The TeX Pestilence (Why TeX/LaTeX Sucks) - pcr910303
http://xahlee.info/cmaci/notation/TeX_pestilence.html
======
mindcrime
I have no comment one way or the other on whether or not Tex/LaTex should be
considered a "pestilence". But I will point out, for anybody not following the
issue, that MathML[1] support on the web should be fairly ubiquitous soon.
Why? Because Chromium is, barring some highly unforseen circumstance, getting
MathML support. Igalia has been developing the code, and the upstreaming
process is already underway[2].

Given that Firefox and Safari already support MathML, and assuming that
neither Chrome nor Edge go out of their way to intentionally disable/break it
once it is fully landed in Chromium, then we should soon be in a world where
the 4 most popular browsers all have MathML baked in.

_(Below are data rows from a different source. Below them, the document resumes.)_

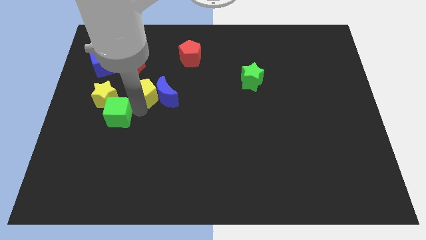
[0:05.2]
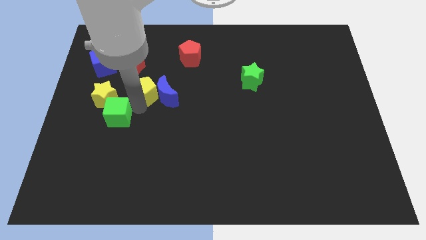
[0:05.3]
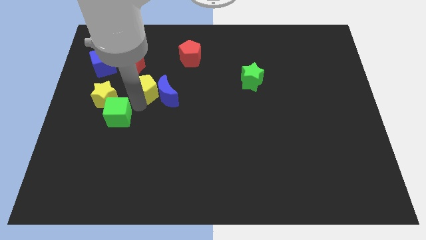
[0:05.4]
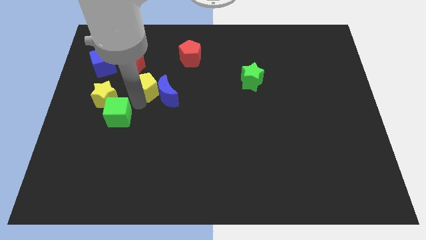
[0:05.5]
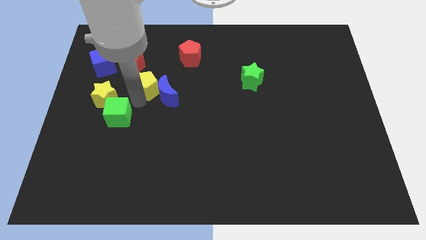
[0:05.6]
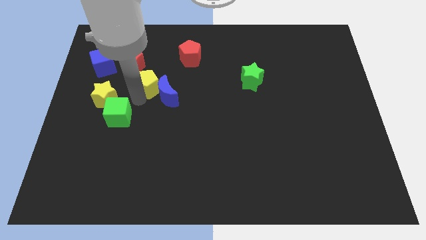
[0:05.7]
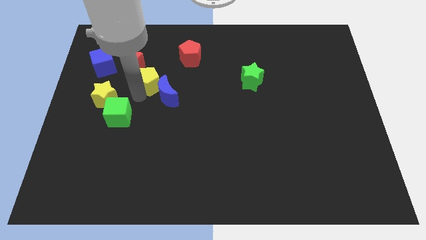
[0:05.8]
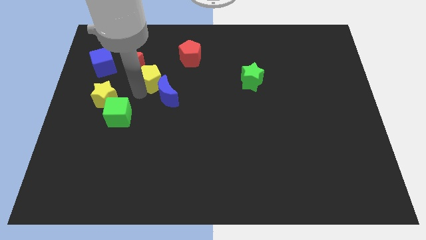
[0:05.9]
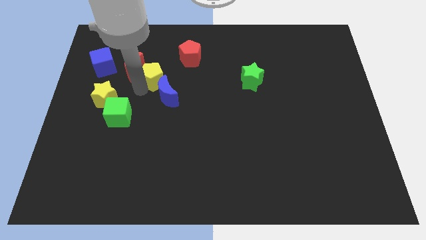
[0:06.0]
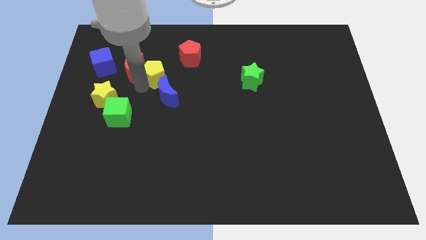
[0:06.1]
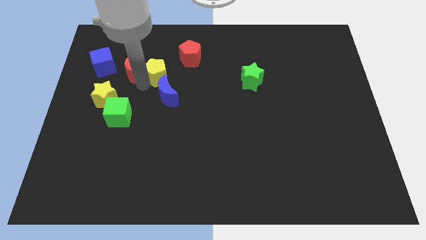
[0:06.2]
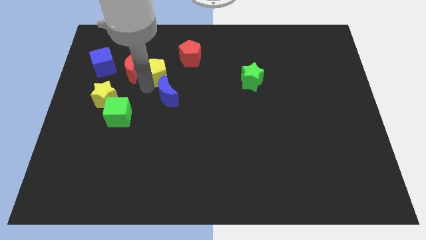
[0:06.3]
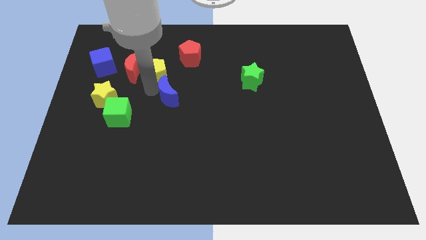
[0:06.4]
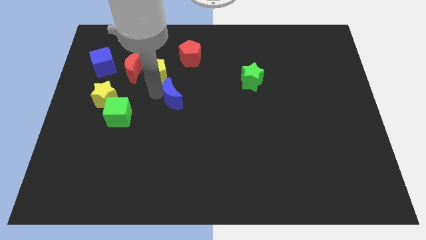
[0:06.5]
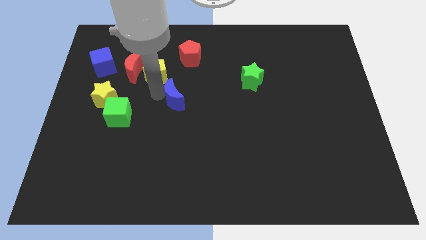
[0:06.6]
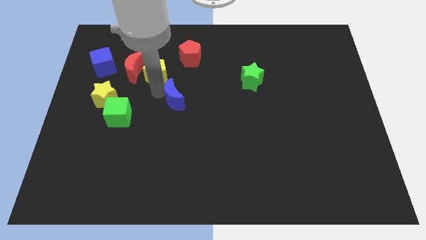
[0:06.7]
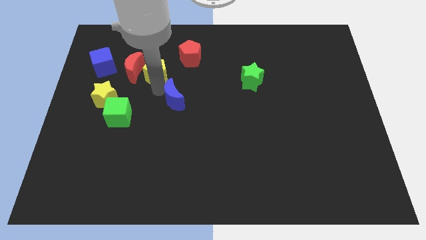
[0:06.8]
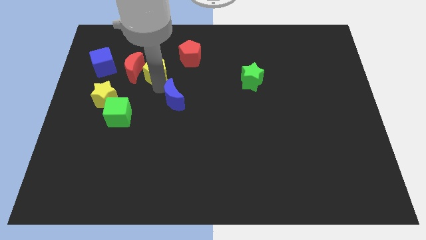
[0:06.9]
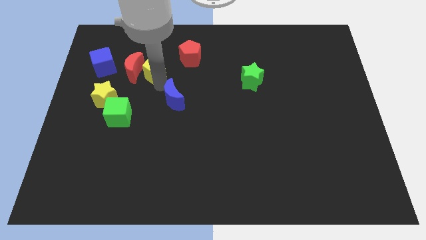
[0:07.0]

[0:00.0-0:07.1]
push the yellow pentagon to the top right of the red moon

Of course there are MathML detractors who will argue against the notion that
this is a Good Thing™, but speaking for myself, I look forward to the
widespread availability of native in-browser MathML support.

[1]: [https://mathml-refresh.github.io/](https://mathml-refresh.github.io/)

[2]: [https://mathml.igalia.com/news/2019/10/31/mathml-in-
chromium...](https://mathml.igalia.com/news/2019/10/31/mathml-in-chromium-
upstream-process-started/)

------
PaulHoule
It reminds me of the time I took a 1 credit class in TeX and John Shipman
marked me off a point because I wrote a self-modifying macro.